#### Problem to solve:
Of all the lines in the records below, copy only those that contain the string "escola".

** Provided data follows **

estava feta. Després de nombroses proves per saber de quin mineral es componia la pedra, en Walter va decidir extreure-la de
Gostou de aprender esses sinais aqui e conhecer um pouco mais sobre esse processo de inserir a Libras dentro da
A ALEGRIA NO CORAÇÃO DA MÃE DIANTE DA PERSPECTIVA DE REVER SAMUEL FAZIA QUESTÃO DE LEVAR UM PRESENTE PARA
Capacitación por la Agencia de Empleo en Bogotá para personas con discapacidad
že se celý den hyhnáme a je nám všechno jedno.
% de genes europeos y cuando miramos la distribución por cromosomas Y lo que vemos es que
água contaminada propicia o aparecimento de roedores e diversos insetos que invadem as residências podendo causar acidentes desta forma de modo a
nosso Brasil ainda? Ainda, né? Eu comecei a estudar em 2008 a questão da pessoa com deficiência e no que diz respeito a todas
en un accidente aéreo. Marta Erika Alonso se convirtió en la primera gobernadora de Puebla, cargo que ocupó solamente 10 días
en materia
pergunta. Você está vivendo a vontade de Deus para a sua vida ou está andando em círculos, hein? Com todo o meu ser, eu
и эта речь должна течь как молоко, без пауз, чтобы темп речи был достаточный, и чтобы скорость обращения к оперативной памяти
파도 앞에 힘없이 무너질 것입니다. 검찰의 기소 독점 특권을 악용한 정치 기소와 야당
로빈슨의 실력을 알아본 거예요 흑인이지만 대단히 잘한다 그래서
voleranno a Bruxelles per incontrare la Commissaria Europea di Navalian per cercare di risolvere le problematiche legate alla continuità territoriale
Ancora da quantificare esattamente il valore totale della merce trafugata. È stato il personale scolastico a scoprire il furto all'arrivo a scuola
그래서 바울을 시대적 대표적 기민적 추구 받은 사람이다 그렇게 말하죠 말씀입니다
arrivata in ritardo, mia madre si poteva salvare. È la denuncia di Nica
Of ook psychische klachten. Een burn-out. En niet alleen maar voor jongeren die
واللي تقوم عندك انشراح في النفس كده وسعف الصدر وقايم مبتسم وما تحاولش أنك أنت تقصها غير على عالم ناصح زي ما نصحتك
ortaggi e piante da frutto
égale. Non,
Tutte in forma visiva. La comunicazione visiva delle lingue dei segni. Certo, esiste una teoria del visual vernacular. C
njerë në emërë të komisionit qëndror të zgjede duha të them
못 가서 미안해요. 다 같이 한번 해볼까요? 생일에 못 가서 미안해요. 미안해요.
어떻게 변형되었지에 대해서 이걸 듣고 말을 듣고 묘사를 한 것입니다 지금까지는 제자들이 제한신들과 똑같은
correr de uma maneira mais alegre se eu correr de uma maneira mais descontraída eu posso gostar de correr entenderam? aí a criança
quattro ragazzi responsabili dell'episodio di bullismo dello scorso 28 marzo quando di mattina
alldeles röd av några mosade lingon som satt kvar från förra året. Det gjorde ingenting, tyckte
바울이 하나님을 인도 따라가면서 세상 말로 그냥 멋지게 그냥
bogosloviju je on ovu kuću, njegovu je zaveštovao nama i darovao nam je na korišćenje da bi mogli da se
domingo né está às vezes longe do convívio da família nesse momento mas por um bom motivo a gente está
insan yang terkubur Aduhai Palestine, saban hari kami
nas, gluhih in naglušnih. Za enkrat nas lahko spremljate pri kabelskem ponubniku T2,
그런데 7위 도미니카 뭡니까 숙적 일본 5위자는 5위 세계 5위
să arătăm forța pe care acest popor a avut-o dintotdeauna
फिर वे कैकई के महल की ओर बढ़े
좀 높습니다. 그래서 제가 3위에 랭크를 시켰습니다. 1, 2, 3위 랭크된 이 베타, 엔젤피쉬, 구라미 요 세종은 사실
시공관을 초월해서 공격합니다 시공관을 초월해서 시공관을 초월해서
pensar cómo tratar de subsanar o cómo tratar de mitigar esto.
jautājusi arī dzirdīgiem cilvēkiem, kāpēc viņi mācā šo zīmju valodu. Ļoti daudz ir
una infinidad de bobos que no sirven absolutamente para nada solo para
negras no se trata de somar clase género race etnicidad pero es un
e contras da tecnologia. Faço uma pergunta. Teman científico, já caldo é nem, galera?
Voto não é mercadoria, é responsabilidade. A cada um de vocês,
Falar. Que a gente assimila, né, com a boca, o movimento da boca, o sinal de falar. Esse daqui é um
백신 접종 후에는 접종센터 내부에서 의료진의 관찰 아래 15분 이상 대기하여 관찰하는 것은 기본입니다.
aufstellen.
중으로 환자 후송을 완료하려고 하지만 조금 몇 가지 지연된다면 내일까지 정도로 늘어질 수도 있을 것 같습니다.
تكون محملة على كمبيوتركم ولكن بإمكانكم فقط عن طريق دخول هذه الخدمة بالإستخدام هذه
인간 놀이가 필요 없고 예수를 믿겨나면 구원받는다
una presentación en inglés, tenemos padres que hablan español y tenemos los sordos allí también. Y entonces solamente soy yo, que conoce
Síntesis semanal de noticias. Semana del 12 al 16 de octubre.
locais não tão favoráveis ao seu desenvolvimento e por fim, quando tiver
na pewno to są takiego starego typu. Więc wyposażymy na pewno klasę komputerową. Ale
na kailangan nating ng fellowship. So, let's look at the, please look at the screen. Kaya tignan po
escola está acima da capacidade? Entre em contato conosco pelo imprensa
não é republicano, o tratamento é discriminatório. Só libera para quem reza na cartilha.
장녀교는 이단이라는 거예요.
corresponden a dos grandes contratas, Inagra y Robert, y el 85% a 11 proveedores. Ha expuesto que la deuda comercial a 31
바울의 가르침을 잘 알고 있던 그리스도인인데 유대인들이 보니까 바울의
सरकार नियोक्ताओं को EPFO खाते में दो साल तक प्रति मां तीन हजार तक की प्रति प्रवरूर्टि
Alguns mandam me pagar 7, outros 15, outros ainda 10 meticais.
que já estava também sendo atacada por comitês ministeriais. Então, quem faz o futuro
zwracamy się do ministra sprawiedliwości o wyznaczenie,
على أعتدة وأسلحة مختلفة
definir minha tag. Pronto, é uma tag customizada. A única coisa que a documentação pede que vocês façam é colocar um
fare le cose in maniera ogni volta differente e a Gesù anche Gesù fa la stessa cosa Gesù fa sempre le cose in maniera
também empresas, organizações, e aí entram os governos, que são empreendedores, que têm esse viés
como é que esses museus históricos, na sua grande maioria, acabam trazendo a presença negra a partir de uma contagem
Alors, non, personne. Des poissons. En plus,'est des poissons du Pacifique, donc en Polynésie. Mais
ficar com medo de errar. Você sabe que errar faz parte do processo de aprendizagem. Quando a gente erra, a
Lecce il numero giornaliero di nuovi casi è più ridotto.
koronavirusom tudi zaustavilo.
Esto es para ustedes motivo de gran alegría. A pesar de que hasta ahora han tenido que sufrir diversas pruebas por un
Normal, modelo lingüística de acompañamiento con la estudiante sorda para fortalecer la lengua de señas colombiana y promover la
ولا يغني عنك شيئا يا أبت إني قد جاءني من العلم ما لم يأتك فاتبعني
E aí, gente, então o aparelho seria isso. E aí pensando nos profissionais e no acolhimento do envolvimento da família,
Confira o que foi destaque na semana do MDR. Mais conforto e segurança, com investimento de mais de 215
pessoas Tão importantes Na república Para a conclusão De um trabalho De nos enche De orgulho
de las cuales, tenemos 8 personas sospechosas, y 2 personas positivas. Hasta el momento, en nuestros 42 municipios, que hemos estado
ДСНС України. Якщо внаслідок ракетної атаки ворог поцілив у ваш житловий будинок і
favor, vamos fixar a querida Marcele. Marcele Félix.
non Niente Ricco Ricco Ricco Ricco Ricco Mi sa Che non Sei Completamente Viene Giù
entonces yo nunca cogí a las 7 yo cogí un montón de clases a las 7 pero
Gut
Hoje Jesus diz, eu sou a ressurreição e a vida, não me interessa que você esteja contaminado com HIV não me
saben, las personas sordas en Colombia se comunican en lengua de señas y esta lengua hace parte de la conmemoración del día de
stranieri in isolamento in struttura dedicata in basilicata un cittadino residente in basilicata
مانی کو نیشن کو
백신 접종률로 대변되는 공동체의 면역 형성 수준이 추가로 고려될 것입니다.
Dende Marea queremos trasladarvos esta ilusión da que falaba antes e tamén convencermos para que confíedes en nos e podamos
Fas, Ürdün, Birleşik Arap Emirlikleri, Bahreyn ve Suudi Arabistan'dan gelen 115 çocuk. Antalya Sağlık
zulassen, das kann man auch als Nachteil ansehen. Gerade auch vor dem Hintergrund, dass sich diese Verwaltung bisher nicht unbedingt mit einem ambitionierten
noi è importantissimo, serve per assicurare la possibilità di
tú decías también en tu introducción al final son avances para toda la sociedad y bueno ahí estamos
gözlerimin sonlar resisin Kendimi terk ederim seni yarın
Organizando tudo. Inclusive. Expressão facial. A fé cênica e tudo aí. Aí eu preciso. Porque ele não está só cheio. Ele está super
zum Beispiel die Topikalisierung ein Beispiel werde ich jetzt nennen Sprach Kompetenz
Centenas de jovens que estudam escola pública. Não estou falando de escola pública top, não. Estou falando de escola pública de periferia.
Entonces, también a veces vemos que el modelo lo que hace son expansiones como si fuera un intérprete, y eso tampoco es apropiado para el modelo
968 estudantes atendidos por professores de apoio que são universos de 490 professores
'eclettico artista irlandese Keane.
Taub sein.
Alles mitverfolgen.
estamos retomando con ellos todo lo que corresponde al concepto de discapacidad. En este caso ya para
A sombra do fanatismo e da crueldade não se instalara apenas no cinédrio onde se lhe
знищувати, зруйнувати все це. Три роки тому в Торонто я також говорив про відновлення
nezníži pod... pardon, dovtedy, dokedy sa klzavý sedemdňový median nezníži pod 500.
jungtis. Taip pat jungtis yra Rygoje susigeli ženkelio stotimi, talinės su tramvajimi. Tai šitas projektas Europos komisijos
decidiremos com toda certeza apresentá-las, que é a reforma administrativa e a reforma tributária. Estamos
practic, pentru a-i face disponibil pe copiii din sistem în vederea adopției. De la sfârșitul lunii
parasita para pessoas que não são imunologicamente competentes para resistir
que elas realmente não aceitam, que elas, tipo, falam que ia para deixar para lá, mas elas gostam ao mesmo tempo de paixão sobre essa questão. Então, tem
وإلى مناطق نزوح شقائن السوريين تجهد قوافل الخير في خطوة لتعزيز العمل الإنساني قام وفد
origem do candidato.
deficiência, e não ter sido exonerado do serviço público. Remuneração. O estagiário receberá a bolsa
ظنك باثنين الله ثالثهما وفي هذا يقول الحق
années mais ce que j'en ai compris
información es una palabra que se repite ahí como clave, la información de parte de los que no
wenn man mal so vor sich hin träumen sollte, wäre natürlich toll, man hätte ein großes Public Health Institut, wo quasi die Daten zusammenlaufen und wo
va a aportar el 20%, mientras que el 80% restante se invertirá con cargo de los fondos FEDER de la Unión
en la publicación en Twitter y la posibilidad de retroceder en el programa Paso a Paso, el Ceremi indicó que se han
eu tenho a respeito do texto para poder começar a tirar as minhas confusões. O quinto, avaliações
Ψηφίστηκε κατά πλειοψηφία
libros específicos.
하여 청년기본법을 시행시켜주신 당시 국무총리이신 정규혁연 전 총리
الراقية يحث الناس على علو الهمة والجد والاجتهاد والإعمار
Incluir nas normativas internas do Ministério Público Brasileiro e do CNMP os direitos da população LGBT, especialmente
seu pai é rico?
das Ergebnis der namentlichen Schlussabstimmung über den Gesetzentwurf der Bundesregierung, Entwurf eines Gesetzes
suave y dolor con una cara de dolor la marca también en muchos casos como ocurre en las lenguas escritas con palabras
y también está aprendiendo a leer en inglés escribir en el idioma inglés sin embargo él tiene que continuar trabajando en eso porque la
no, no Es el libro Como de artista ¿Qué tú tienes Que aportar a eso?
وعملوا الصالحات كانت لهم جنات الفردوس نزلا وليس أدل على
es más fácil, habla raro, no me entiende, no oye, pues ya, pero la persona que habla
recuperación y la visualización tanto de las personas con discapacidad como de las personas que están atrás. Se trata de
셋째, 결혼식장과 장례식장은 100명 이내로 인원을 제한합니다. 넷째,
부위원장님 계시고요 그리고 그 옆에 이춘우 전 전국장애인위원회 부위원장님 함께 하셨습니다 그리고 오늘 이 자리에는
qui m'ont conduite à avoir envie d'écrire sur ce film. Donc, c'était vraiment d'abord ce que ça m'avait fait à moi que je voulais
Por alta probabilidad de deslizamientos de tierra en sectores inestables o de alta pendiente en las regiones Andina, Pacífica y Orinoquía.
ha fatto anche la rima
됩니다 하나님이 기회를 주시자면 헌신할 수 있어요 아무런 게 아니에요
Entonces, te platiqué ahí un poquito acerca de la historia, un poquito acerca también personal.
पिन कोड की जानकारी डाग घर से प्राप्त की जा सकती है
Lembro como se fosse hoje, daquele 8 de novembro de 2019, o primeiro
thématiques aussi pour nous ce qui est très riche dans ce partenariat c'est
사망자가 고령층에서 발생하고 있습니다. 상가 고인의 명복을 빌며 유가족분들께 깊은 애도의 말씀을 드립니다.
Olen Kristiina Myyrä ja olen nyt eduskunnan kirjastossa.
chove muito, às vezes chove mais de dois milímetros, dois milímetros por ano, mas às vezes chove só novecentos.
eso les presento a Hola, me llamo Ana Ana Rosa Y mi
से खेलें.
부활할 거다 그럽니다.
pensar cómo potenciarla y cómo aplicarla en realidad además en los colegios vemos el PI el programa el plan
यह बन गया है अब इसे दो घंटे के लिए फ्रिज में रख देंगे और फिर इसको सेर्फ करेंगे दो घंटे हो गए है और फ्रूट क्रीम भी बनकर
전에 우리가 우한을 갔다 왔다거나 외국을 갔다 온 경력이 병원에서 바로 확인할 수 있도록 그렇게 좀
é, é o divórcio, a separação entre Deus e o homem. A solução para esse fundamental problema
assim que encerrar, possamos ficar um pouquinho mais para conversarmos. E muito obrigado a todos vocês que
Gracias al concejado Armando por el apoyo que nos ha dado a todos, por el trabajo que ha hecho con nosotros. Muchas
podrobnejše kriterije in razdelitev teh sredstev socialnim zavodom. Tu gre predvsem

** End of Provided data **

#### Written response:
escola está acima da capacidade? Entre em contato conosco pelo imprensa
Centenas de jovens que estudam escola pública. Não estou falando de escola pública top, não. Estou falando de escola pública de periferia.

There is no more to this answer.